### [ASSIGNMENT]
When you transcribe the entries, reproduce every character and exclude the images.
[[ PROVIDED ENTRIES, beginning ]]
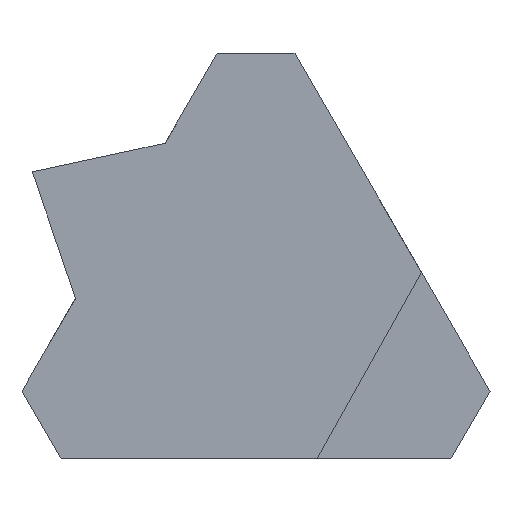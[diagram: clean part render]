
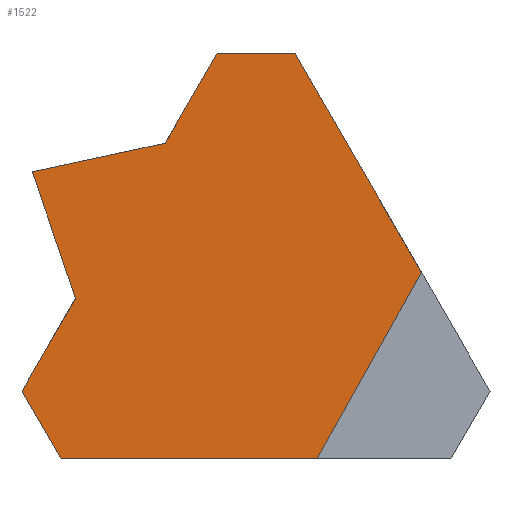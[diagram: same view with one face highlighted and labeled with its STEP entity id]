
A CAD part, front view. The second image highlights one B-rep face of the part: STEP entity #1522.
In plain terms, the highlighted planar face has unit normal (0, -1, 0).
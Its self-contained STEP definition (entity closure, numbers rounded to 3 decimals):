
#9 = CARTESIAN_POINT ( 'NONE',  ( -2.831, -40., 27.324 ) ) ;
#24 = DIRECTION ( 'NONE',  ( -1., 0., 0. ) ) ;
#35 = VECTOR ( 'NONE', #2065, 1000. ) ;
#43 = ORIENTED_EDGE ( 'NONE', *, *, #2133, .T. ) ;
#46 = CARTESIAN_POINT ( 'NONE',  ( -12.831, -40., 27.324 ) ) ;
#54 = CARTESIAN_POINT ( 'NONE',  ( 13.378, -40., -0.75 ) ) ;
#58 = LINE ( 'NONE', #758, #2249 ) ;
#119 = CARTESIAN_POINT ( 'NONE',  ( 0., -40., -24.637 ) ) ;
#145 = CARTESIAN_POINT ( 'NONE',  ( -19.481, -40., 15.807 ) ) ;
#152 = VECTOR ( 'NONE', #217, 1000. ) ;
#216 = CARTESIAN_POINT ( 'NONE',  ( 1.238, -40., 20.277 ) ) ;
#217 = DIRECTION ( 'NONE',  ( -0.5, 0., -0.866 ) ) ;
#240 = DIRECTION ( 'NONE',  ( 1., 0., 0. ) ) ;
#334 = DIRECTION ( 'NONE',  ( 0., 0., -1. ) ) ;
#347 = VERTEX_POINT ( 'NONE', #1364 ) ;
#369 = CARTESIAN_POINT ( 'NONE',  ( -37.831, -40., -15.977 ) ) ;
#468 = EDGE_CURVE ( 'NONE', #2375, #1865, #1866, .T. ) ;
#506 = EDGE_CURVE ( 'NONE', #1409, #1865, #58, .T. ) ;
#568 = DIRECTION ( 'NONE',  ( -0.5, 0., 0.866 ) ) ;
#641 = EDGE_CURVE ( 'NONE', #1409, #1791, #965, .T. ) ;
#663 = EDGE_LOOP ( 'NONE', ( #1220, #1314, #43, #1454, #2334, #2387, #1424, #1045, #1245 ) ) ;
#688 = LINE ( 'NONE', #2137, #1241 ) ;
#737 = CARTESIAN_POINT ( 'NONE',  ( -32.831, -40., -24.637 ) ) ;
#758 = CARTESIAN_POINT ( 'NONE',  ( 10.503, -40., -5.882 ) ) ;
#771 = DIRECTION ( 'NONE',  ( -0.489, 0., -0.872 ) ) ;
#788 = CARTESIAN_POINT ( 'NONE',  ( -28.958, -40., -9.924 ) ) ;
#797 = VERTEX_POINT ( 'NONE', #825 ) ;
#825 = CARTESIAN_POINT ( 'NONE',  ( -36.516, -40., 12.131 ) ) ;
#845 = EDGE_CURVE ( 'NONE', #1588, #2375, #688, .T. ) ;
#880 = AXIS2_PLACEMENT_3D ( 'NONE', #1218, #1972, #334 ) ;
#890 = DIRECTION ( 'NONE',  ( 0.5, 0., -0.866 ) ) ;
#965 = LINE ( 'NONE', #216, #1674 ) ;
#966 = VECTOR ( 'NONE', #1290, 1000. ) ;
#968 = CARTESIAN_POINT ( 'NONE',  ( -4.125, -40., 19.12 ) ) ;
#1023 = EDGE_CURVE ( 'NONE', #347, #797, #1252, .T. ) ;
#1029 = VECTOR ( 'NONE', #24, 1000. ) ;
#1045 = ORIENTED_EDGE ( 'NONE', *, *, #506, .F. ) ;
#1140 = LINE ( 'NONE', #46, #152 ) ;
#1177 = EDGE_CURVE ( 'NONE', #1670, #1486, #1140, .T. ) ;
#1188 = CARTESIAN_POINT ( 'NONE',  ( -2.831, -40., 27.324 ) ) ;
#1218 = CARTESIAN_POINT ( 'NONE',  ( 0., -40., 0. ) ) ;
#1220 = ORIENTED_EDGE ( 'NONE', *, *, #2042, .T. ) ;
#1241 = VECTOR ( 'NONE', #890, 1000. ) ;
#1245 = ORIENTED_EDGE ( 'NONE', *, *, #641, .T. ) ;
#1252 = LINE ( 'NONE', #788, #35 ) ;
#1289 = CARTESIAN_POINT ( 'NONE',  ( -12.831, -40., 27.324 ) ) ;
#1290 = DIRECTION ( 'NONE',  ( -0.5, 0., -0.866 ) ) ;
#1314 = ORIENTED_EDGE ( 'NONE', *, *, #1177, .T. ) ;
#1355 = EDGE_CURVE ( 'NONE', #347, #1588, #2195, .T. ) ;
#1364 = CARTESIAN_POINT ( 'NONE',  ( -30.961, -40., -4.078 ) ) ;
#1409 = VERTEX_POINT ( 'NONE', #54 ) ;
#1424 = ORIENTED_EDGE ( 'NONE', *, *, #468, .T. ) ;
#1454 = ORIENTED_EDGE ( 'NONE', *, *, #1023, .F. ) ;
#1486 = VERTEX_POINT ( 'NONE', #145 ) ;
#1522 = ADVANCED_FACE ( 'NONE', ( #2138 ), #1792, .T. ) ;
#1588 = VERTEX_POINT ( 'NONE', #369 ) ;
#1645 = LINE ( 'NONE', #9, #1029 ) ;
#1670 = VERTEX_POINT ( 'NONE', #1289 ) ;
#1674 = VECTOR ( 'NONE', #568, 1000. ) ;
#1692 = CARTESIAN_POINT ( 'NONE',  ( -37.831, -40., -15.977 ) ) ;
#1791 = VERTEX_POINT ( 'NONE', #1188 ) ;
#1792 = PLANE ( 'NONE',  #880 ) ;
#1832 = VECTOR ( 'NONE', #240, 1000. ) ;
#1865 = VERTEX_POINT ( 'NONE', #119 ) ;
#1866 = LINE ( 'NONE', #2073, #1832 ) ;
#1972 = DIRECTION ( 'NONE',  ( 0., -1., 0. ) ) ;
#2042 = EDGE_CURVE ( 'NONE', #1791, #1670, #1645, .T. ) ;
#2065 = DIRECTION ( 'NONE',  ( -0.324, 0., 0.946 ) ) ;
#2073 = CARTESIAN_POINT ( 'NONE',  ( 0., -40., -24.637 ) ) ;
#2105 = DIRECTION ( 'NONE',  ( -0.978, 0., -0.211 ) ) ;
#2133 = EDGE_CURVE ( 'NONE', #1486, #797, #2275, .T. ) ;
#2137 = CARTESIAN_POINT ( 'NONE',  ( -32.831, -40., -24.637 ) ) ;
#2138 = FACE_OUTER_BOUND ( 'NONE', #663, .T. ) ;
#2176 = VECTOR ( 'NONE', #2105, 1000. ) ;
#2195 = LINE ( 'NONE', #1692, #966 ) ;
#2249 = VECTOR ( 'NONE', #771, 1000. ) ;
#2275 = LINE ( 'NONE', #968, #2176 ) ;
#2334 = ORIENTED_EDGE ( 'NONE', *, *, #1355, .T. ) ;
#2375 = VERTEX_POINT ( 'NONE', #737 ) ;
#2387 = ORIENTED_EDGE ( 'NONE', *, *, #845, .T. ) ;
[[ PROVIDED ENTRIES, end ]]
### [RESULT OF THE TASK]
[diagram: clean part render]
[diagram: same view with one face highlighted and labeled with its STEP entity id]
A CAD part, front view. The second image highlights one B-rep face of the part: STEP entity #1522.
In plain terms, the highlighted planar face has unit normal (0, -1, 0).
Its self-contained STEP definition (entity closure, numbers rounded to 3 decimals):
#9 = CARTESIAN_POINT ( 'NONE',  ( -2.831, -40., 27.324 ) ) ;
#24 = DIRECTION ( 'NONE',  ( -1., 0., 0. ) ) ;
#35 = VECTOR ( 'NONE', #2065, 1000. ) ;
#43 = ORIENTED_EDGE ( 'NONE', *, *, #2133, .T. ) ;
#46 = CARTESIAN_POINT ( 'NONE',  ( -12.831, -40., 27.324 ) ) ;
#54 = CARTESIAN_POINT ( 'NONE',  ( 13.378, -40., -0.75 ) ) ;
#58 = LINE ( 'NONE', #758, #2249 ) ;
#119 = CARTESIAN_POINT ( 'NONE',  ( 0., -40., -24.637 ) ) ;
#145 = CARTESIAN_POINT ( 'NONE',  ( -19.481, -40., 15.807 ) ) ;
#152 = VECTOR ( 'NONE', #217, 1000. ) ;
#216 = CARTESIAN_POINT ( 'NONE',  ( 1.238, -40., 20.277 ) ) ;
#217 = DIRECTION ( 'NONE',  ( -0.5, 0., -0.866 ) ) ;
#240 = DIRECTION ( 'NONE',  ( 1., 0., 0. ) ) ;
#334 = DIRECTION ( 'NONE',  ( 0., 0., -1. ) ) ;
#347 = VERTEX_POINT ( 'NONE', #1364 ) ;
#369 = CARTESIAN_POINT ( 'NONE',  ( -37.831, -40., -15.977 ) ) ;
#468 = EDGE_CURVE ( 'NONE', #2375, #1865, #1866, .T. ) ;
#506 = EDGE_CURVE ( 'NONE', #1409, #1865, #58, .T. ) ;
#568 = DIRECTION ( 'NONE',  ( -0.5, 0., 0.866 ) ) ;
#641 = EDGE_CURVE ( 'NONE', #1409, #1791, #965, .T. ) ;
#663 = EDGE_LOOP ( 'NONE', ( #1220, #1314, #43, #1454, #2334, #2387, #1424, #1045, #1245 ) ) ;
#688 = LINE ( 'NONE', #2137, #1241 ) ;
#737 = CARTESIAN_POINT ( 'NONE',  ( -32.831, -40., -24.637 ) ) ;
#758 = CARTESIAN_POINT ( 'NONE',  ( 10.503, -40., -5.882 ) ) ;
#771 = DIRECTION ( 'NONE',  ( -0.489, 0., -0.872 ) ) ;
#788 = CARTESIAN_POINT ( 'NONE',  ( -28.958, -40., -9.924 ) ) ;
#797 = VERTEX_POINT ( 'NONE', #825 ) ;
#825 = CARTESIAN_POINT ( 'NONE',  ( -36.516, -40., 12.131 ) ) ;
#845 = EDGE_CURVE ( 'NONE', #1588, #2375, #688, .T. ) ;
#880 = AXIS2_PLACEMENT_3D ( 'NONE', #1218, #1972, #334 ) ;
#890 = DIRECTION ( 'NONE',  ( 0.5, 0., -0.866 ) ) ;
#965 = LINE ( 'NONE', #216, #1674 ) ;
#966 = VECTOR ( 'NONE', #1290, 1000. ) ;
#968 = CARTESIAN_POINT ( 'NONE',  ( -4.125, -40., 19.12 ) ) ;
#1023 = EDGE_CURVE ( 'NONE', #347, #797, #1252, .T. ) ;
#1029 = VECTOR ( 'NONE', #24, 1000. ) ;
#1045 = ORIENTED_EDGE ( 'NONE', *, *, #506, .F. ) ;
#1140 = LINE ( 'NONE', #46, #152 ) ;
#1177 = EDGE_CURVE ( 'NONE', #1670, #1486, #1140, .T. ) ;
#1188 = CARTESIAN_POINT ( 'NONE',  ( -2.831, -40., 27.324 ) ) ;
#1218 = CARTESIAN_POINT ( 'NONE',  ( 0., -40., 0. ) ) ;
#1220 = ORIENTED_EDGE ( 'NONE', *, *, #2042, .T. ) ;
#1241 = VECTOR ( 'NONE', #890, 1000. ) ;
#1245 = ORIENTED_EDGE ( 'NONE', *, *, #641, .T. ) ;
#1252 = LINE ( 'NONE', #788, #35 ) ;
#1289 = CARTESIAN_POINT ( 'NONE',  ( -12.831, -40., 27.324 ) ) ;
#1290 = DIRECTION ( 'NONE',  ( -0.5, 0., -0.866 ) ) ;
#1314 = ORIENTED_EDGE ( 'NONE', *, *, #1177, .T. ) ;
#1355 = EDGE_CURVE ( 'NONE', #347, #1588, #2195, .T. ) ;
#1364 = CARTESIAN_POINT ( 'NONE',  ( -30.961, -40., -4.078 ) ) ;
#1409 = VERTEX_POINT ( 'NONE', #54 ) ;
#1424 = ORIENTED_EDGE ( 'NONE', *, *, #468, .T. ) ;
#1454 = ORIENTED_EDGE ( 'NONE', *, *, #1023, .F. ) ;
#1486 = VERTEX_POINT ( 'NONE', #145 ) ;
#1522 = ADVANCED_FACE ( 'NONE', ( #2138 ), #1792, .T. ) ;
#1588 = VERTEX_POINT ( 'NONE', #369 ) ;
#1645 = LINE ( 'NONE', #9, #1029 ) ;
#1670 = VERTEX_POINT ( 'NONE', #1289 ) ;
#1674 = VECTOR ( 'NONE', #568, 1000. ) ;
#1692 = CARTESIAN_POINT ( 'NONE',  ( -37.831, -40., -15.977 ) ) ;
#1791 = VERTEX_POINT ( 'NONE', #1188 ) ;
#1792 = PLANE ( 'NONE',  #880 ) ;
#1832 = VECTOR ( 'NONE', #240, 1000. ) ;
#1865 = VERTEX_POINT ( 'NONE', #119 ) ;
#1866 = LINE ( 'NONE', #2073, #1832 ) ;
#1972 = DIRECTION ( 'NONE',  ( 0., -1., 0. ) ) ;
#2042 = EDGE_CURVE ( 'NONE', #1791, #1670, #1645, .T. ) ;
#2065 = DIRECTION ( 'NONE',  ( -0.324, 0., 0.946 ) ) ;
#2073 = CARTESIAN_POINT ( 'NONE',  ( 0., -40., -24.637 ) ) ;
#2105 = DIRECTION ( 'NONE',  ( -0.978, 0., -0.211 ) ) ;
#2133 = EDGE_CURVE ( 'NONE', #1486, #797, #2275, .T. ) ;
#2137 = CARTESIAN_POINT ( 'NONE',  ( -32.831, -40., -24.637 ) ) ;
#2138 = FACE_OUTER_BOUND ( 'NONE', #663, .T. ) ;
#2176 = VECTOR ( 'NONE', #2105, 1000. ) ;
#2195 = LINE ( 'NONE', #1692, #966 ) ;
#2249 = VECTOR ( 'NONE', #771, 1000. ) ;
#2275 = LINE ( 'NONE', #968, #2176 ) ;
#2334 = ORIENTED_EDGE ( 'NONE', *, *, #1355, .T. ) ;
#2375 = VERTEX_POINT ( 'NONE', #737 ) ;
#2387 = ORIENTED_EDGE ( 'NONE', *, *, #845, .T. ) ;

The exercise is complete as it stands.